Dietetics and Food Services, National Heart Institute, 145, Jalan Tun Razak, 50400 Kuala Lumpur, Malaysia.
Clin Nutr ESPEN. 2021 Jun;43:353-359. doi: 10.1016/j.clnesp.2021.03.024. Epub 2021 Apr 25.
BACKGROUND & AIMS: Inadequate nutrition delivery in critically ill children has shown associated with poor clinical outcomes. Therefore, identifying barriers to deliver adequate nutrition is vital. The aim of this study was to identify factors influencing adequate protein and energy delivery among critically ill children with heart disease in pediatric intensive care unit (PICU).

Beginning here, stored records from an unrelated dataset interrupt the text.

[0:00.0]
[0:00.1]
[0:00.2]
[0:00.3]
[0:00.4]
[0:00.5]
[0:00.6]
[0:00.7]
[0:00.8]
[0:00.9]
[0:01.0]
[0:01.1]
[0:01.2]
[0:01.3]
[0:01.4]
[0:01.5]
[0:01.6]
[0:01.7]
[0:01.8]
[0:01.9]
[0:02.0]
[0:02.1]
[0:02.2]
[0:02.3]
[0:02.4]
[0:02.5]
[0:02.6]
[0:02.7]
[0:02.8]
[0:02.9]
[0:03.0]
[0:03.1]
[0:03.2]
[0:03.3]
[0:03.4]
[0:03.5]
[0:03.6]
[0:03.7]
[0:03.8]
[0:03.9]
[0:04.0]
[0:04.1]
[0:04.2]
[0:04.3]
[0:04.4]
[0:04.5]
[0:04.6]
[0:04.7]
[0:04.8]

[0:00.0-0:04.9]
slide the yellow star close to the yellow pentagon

This single-centre prospective study, involved children aged from birth to 3 years old, admitted to PICU longer than 72 hours. They received either enteral nutrition (EN) or combination of EN and partial parenteral nutrition (PPN). Clinical and nutrition delivery characteristics were recorded from admission until transferred out of PICU. Multiple regression analysis at significant level p < 0.05 were used to identify independent risk factors for lower protein and energy intake.

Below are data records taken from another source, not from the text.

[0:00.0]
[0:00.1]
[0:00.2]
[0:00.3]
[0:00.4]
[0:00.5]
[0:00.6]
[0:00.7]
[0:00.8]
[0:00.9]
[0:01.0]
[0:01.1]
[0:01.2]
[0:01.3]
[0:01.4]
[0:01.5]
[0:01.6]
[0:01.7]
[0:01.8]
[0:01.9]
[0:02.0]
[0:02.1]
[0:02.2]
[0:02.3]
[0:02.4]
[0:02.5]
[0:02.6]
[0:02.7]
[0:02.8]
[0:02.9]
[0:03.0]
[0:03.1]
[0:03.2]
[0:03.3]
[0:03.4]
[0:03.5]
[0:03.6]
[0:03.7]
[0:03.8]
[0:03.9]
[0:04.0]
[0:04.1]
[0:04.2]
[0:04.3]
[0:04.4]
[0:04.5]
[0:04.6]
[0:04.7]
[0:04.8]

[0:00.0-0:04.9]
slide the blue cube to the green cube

One hundred and thirty-nine patients were included in this study with median age 6.5 (1.8-20.6) months and median PICU length of stay of 6 (4-7) days. The median energy and protein adequacy were 83.2% and 46.7%, respectively. In multivariable analysis, children who underwent surgery (AOR 0.97; 95% CI 0.27-0.75; p = 0.041), with fluid restriction (AOR 0.97; 95% CI 0.25-0.73; p = 0.041), longer length of PICU stay (AOR 0.35; 95% CI 0.18-0.64; p = 0.001) and longer feeding interruptions (AOR 3.57; 95% CI 1.39-9.15; p = 0.008) were more likely to have lower energy intake. Children at risk of malnutrition (weight-for-age Z score of < -2 SD) (AOR 2.54; 95% CI 1.12 to 5.77; p = 0.026) and longer duration of mechanical ventilation (AOR 0.73; 95% CI 0.53 to 0.98; p = 0.041) were more likely to have lower protein intake.

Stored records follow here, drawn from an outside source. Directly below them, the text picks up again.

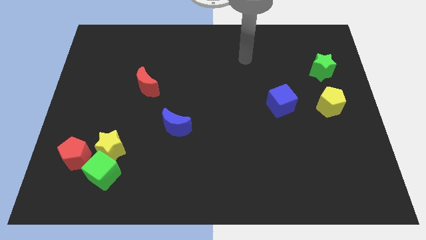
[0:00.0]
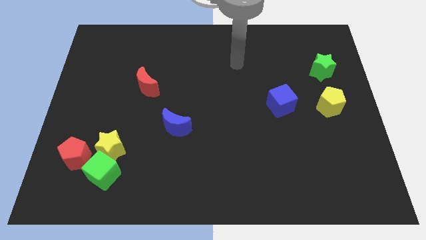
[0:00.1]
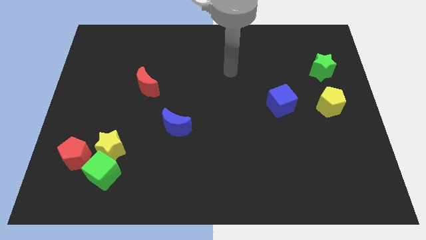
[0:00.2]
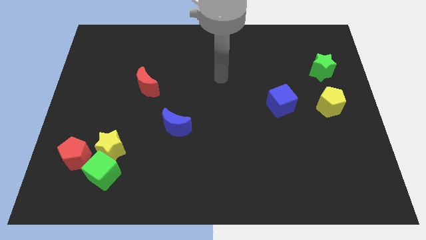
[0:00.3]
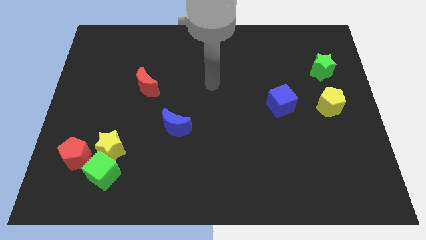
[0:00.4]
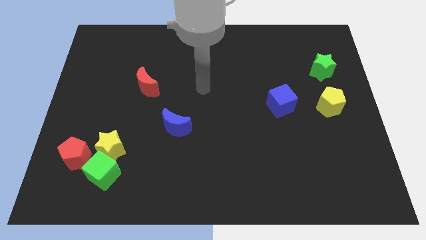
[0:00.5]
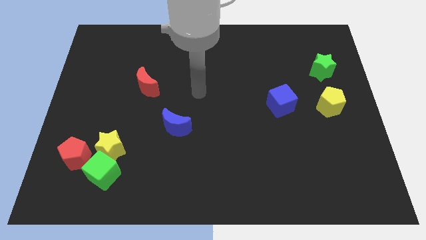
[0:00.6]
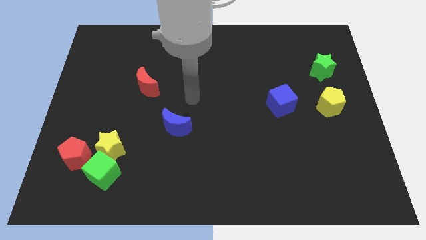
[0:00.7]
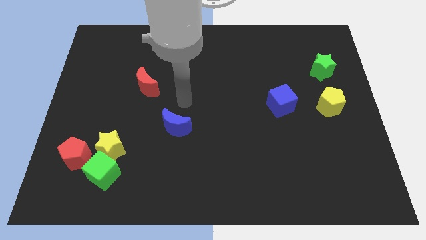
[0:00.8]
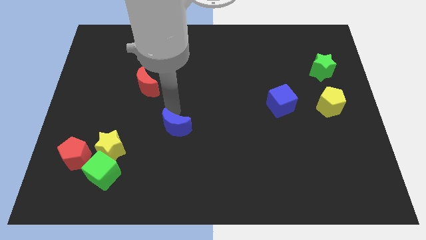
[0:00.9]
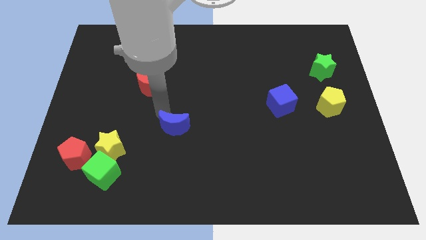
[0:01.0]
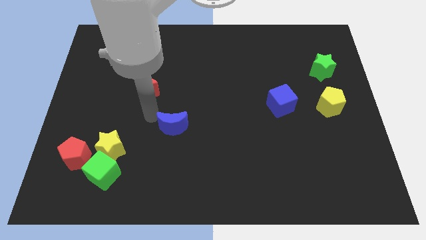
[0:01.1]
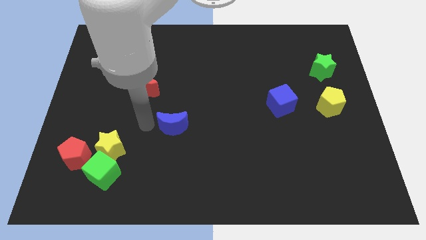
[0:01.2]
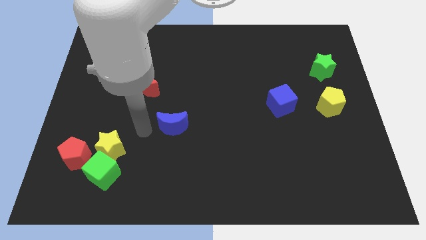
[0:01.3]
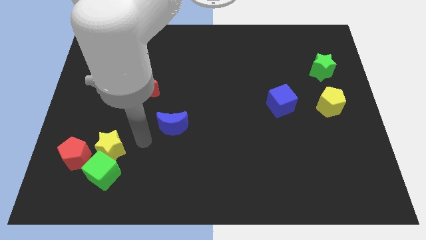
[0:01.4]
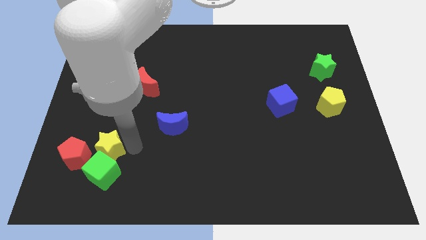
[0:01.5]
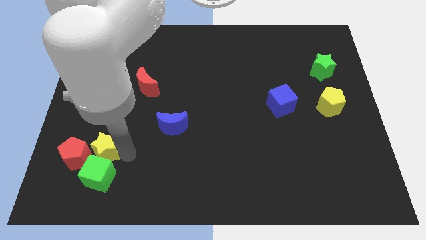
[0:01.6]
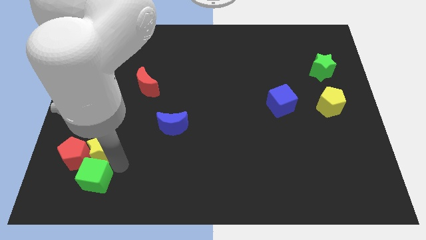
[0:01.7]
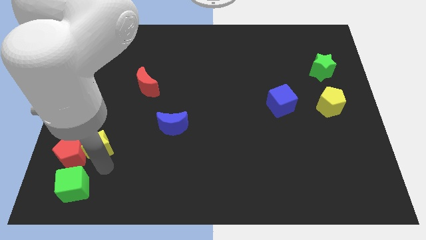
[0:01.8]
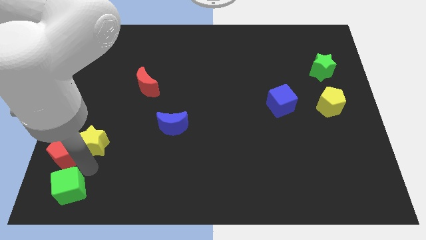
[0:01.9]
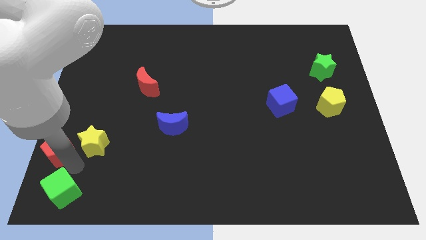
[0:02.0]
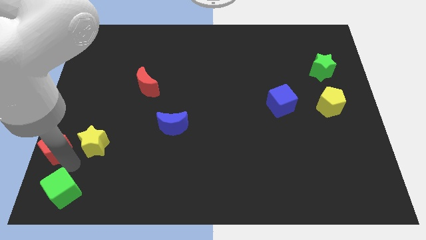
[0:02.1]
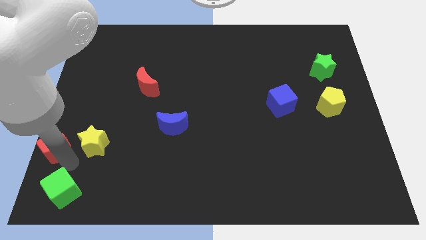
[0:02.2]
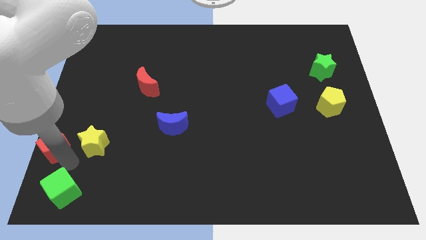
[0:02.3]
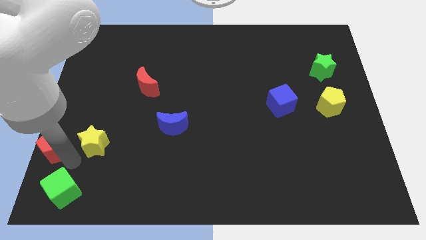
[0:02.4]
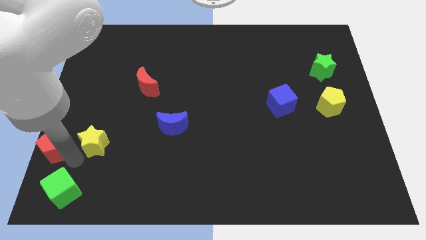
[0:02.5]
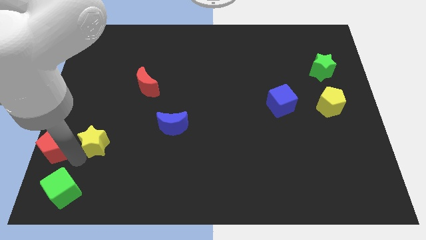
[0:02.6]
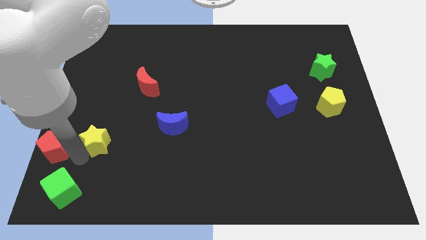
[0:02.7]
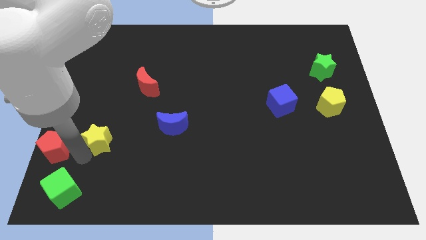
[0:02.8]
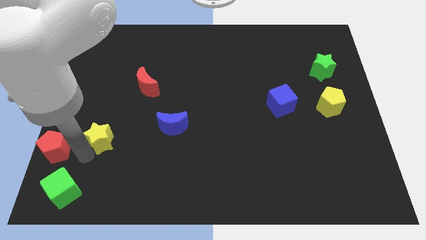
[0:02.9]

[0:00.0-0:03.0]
separate the yellow star from the green cube and red pentagon

This study highlighted the factors influencing adequate protein and energy delivery in critically ill children with heart disease in PICU. Strategies to improve the nutrition delivery in this group of patients should be outlined and implemented by the dietitians along with multidisciplinary team.
危重症患儿营养供给不足与临床结局不良有关。因此,明确影响营养供给的因素至关重要。本研究旨在确定儿科重症监护病房(PICU)中患有心脏病的危重症患儿蛋白质和能量供给不足的相关因素。
本单中心前瞻性研究纳入了年龄在出生至 3 岁之间、在 PICU 住院时间超过 72 小时的患儿。他们接受肠内营养(EN)或肠内营养联合部分肠外营养(PPN)。从入院到转出 PICU 期间,记录患儿的临床和营养供给特征。采用具有统计学意义的 p 值<0.05 的多变量回归分析,确定蛋白质和能量摄入较低的独立危险因素。
本研究共纳入 139 例患儿,中位年龄为 6.5(1.8-20.6)个月,PICU 中位住院时间为 6(4-7)天。能量和蛋白质供给的中位数分别为 83.2%和 46.7%。多变量分析显示,接受手术的患儿(OR 0.97;95%CI 0.27-0.75;p=0.041)、液体限制(OR 0.97;95%CI 0.25-0.73;p=0.041)、PICU 住院时间较长(OR 0.35;95%CI 0.18-0.64;p=0.001)和喂养中断时间较长(OR 3.57;95%CI 1.39-9.15;p=0.008)的患儿,能量摄入较低的可能性更大。有营养不良风险的患儿(体重-年龄 Z 评分<-2 SD)(OR 2.54;95%CI 1.12-5.77;p=0.026)和机械通气时间较长的患儿(OR 0.73;95%CI 0.53-0.98;p=0.041),蛋白质摄入较低的可能性更大。
本研究强调了影响 PICU 中患有心脏病的危重症患儿蛋白质和能量供给的因素。营养师和多学科团队应制定并实施改善该类患儿营养供给的策略。